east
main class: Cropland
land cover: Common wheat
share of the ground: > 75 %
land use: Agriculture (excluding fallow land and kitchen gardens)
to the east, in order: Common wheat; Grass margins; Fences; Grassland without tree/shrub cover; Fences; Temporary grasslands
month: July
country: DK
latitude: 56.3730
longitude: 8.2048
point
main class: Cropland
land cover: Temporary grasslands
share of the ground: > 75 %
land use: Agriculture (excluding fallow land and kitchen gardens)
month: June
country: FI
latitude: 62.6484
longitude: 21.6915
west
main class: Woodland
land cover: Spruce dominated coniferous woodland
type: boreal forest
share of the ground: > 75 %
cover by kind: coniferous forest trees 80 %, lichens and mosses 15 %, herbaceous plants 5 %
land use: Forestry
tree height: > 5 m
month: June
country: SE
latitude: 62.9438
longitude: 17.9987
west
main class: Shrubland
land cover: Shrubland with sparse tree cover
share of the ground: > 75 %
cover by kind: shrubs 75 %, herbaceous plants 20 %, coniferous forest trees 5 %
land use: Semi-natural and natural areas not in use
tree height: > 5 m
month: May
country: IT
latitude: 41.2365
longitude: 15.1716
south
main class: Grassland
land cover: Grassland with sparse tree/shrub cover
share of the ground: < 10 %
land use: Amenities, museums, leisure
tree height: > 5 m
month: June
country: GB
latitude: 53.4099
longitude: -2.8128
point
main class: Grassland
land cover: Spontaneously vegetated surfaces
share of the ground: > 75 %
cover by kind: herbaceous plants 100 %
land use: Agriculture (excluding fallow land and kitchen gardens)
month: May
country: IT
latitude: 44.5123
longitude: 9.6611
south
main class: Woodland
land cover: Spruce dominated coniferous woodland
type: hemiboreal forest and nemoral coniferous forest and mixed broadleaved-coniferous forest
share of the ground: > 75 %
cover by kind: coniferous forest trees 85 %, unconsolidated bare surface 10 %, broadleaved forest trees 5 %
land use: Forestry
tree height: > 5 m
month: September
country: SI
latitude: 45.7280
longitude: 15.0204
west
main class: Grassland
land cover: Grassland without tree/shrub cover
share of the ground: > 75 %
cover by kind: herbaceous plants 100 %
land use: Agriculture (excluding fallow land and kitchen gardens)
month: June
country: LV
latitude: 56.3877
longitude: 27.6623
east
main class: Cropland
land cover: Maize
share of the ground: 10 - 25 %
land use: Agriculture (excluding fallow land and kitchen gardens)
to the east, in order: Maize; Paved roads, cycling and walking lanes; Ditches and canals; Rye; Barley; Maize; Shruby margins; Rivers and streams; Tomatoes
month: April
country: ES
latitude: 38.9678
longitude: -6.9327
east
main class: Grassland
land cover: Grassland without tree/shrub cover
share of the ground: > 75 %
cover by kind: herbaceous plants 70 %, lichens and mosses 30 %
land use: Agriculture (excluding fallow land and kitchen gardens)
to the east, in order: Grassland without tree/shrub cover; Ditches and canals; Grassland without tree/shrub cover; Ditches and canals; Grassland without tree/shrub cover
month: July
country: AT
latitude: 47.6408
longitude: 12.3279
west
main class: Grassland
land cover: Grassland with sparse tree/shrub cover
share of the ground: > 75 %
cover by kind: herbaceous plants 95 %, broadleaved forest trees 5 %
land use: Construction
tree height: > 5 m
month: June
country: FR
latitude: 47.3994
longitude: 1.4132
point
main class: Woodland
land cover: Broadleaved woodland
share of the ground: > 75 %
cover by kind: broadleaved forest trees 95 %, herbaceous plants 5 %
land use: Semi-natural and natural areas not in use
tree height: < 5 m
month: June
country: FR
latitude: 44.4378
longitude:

▶ [Activity] Please reproduce the entire listing. Keep it identical.

▶ [Output for this exercise]
east
main class: Cropland
land cover: Common wheat
share of the ground: > 75 %
land use: Agriculture (excluding fallow land and kitchen gardens)
to the east, in order: Common wheat; Grass margins; Fences; Grassland without tree/shrub cover; Fences; Temporary grasslands
month: July
country: DK
latitude: 56.3730
longitude: 8.2048
point
main class: Cropland
land cover: Temporary grasslands
share of the ground: > 75 %
land use: Agriculture (excluding fallow land and kitchen gardens)
month: June
country: FI
latitude: 62.6484
longitude: 21.6915
west
main class: Woodland
land cover: Spruce dominated coniferous woodland
type: boreal forest
share of the ground: > 75 %
cover by kind: coniferous forest trees 80 %, lichens and mosses 15 %, herbaceous plants 5 %
land use: Forestry
tree height: > 5 m
month: June
country: SE
latitude: 62.9438
longitude: 17.9987
west
main class: Shrubland
land cover: Shrubland with sparse tree cover
share of the ground: > 75 %
cover by kind: shrubs 75 %, herbaceous plants 20 %, coniferous forest trees 5 %
land use: Semi-natural and natural areas not in use
tree height: > 5 m
month: May
country: IT
latitude: 41.2365
longitude: 15.1716
south
main class: Grassland
land cover: Grassland with sparse tree/shrub cover
share of the ground: < 10 %
land use: Amenities, museums, leisure
tree height: > 5 m
month: June
country: GB
latitude: 53.4099
longitude: -2.8128
point
main class: Grassland
land cover: Spontaneously vegetated surfaces
share of the ground: > 75 %
cover by kind: herbaceous plants 100 %
land use: Agriculture (excluding fallow land and kitchen gardens)
month: May
country: IT
latitude: 44.5123
longitude: 9.6611
south
main class: Woodland
land cover: Spruce dominated coniferous woodland
type: hemiboreal forest and nemoral coniferous forest and mixed broadleaved-coniferous forest
share of the ground: > 75 %
cover by kind: coniferous forest trees 85 %, unconsolidated bare surface 10 %, broadleaved forest trees 5 %
land use: Forestry
tree height: > 5 m
month: September
country: SI
latitude: 45.7280
longitude: 15.0204
west
main class: Grassland
land cover: Grassland without tree/shrub cover
share of the ground: > 75 %
cover by kind: herbaceous plants 100 %
land use: Agriculture (excluding fallow land and kitchen gardens)
month: June
country: LV
latitude: 56.3877
longitude: 27.6623
east
main class: Cropland
land cover: Maize
share of the ground: 10 - 25 %
land use: Agriculture (excluding fallow land and kitchen gardens)
to the east, in order: Maize; Paved roads, cycling and walking lanes; Ditches and canals; Rye; Barley; Maize; Shruby margins; Rivers and streams; Tomatoes
month: April
country: ES
latitude: 38.9678
longitude: -6.9327
east
main class: Grassland
land cover: Grassland without tree/shrub cover
share of the ground: > 75 %
cover by kind: herbaceous plants 70 %, lichens and mosses 30 %
land use: Agriculture (excluding fallow land and kitchen gardens)
to the east, in order: Grassland without tree/shrub cover; Ditches and canals; Grassland without tree/shrub cover; Ditches and canals; Grassland without tree/shrub cover
month: July
country: AT
latitude: 47.6408
longitude: 12.3279
west
main class: Grassland
land cover: Grassland with sparse tree/shrub cover
share of the ground: > 75 %
cover by kind: herbaceous plants 95 %, broadleaved forest trees 5 %
land use: Construction
tree height: > 5 m
month: June
country: FR
latitude: 47.3994
longitude: 1.4132
point
main class: Woodland
land cover: Broadleaved woodland
share of the ground: > 75 %
cover by kind: broadleaved forest trees 95 %, herbaceous plants 5 %
land use: Semi-natural and natural areas not in use
tree height: < 5 m
month: June
country: FR
latitude: 44.4378
longitude:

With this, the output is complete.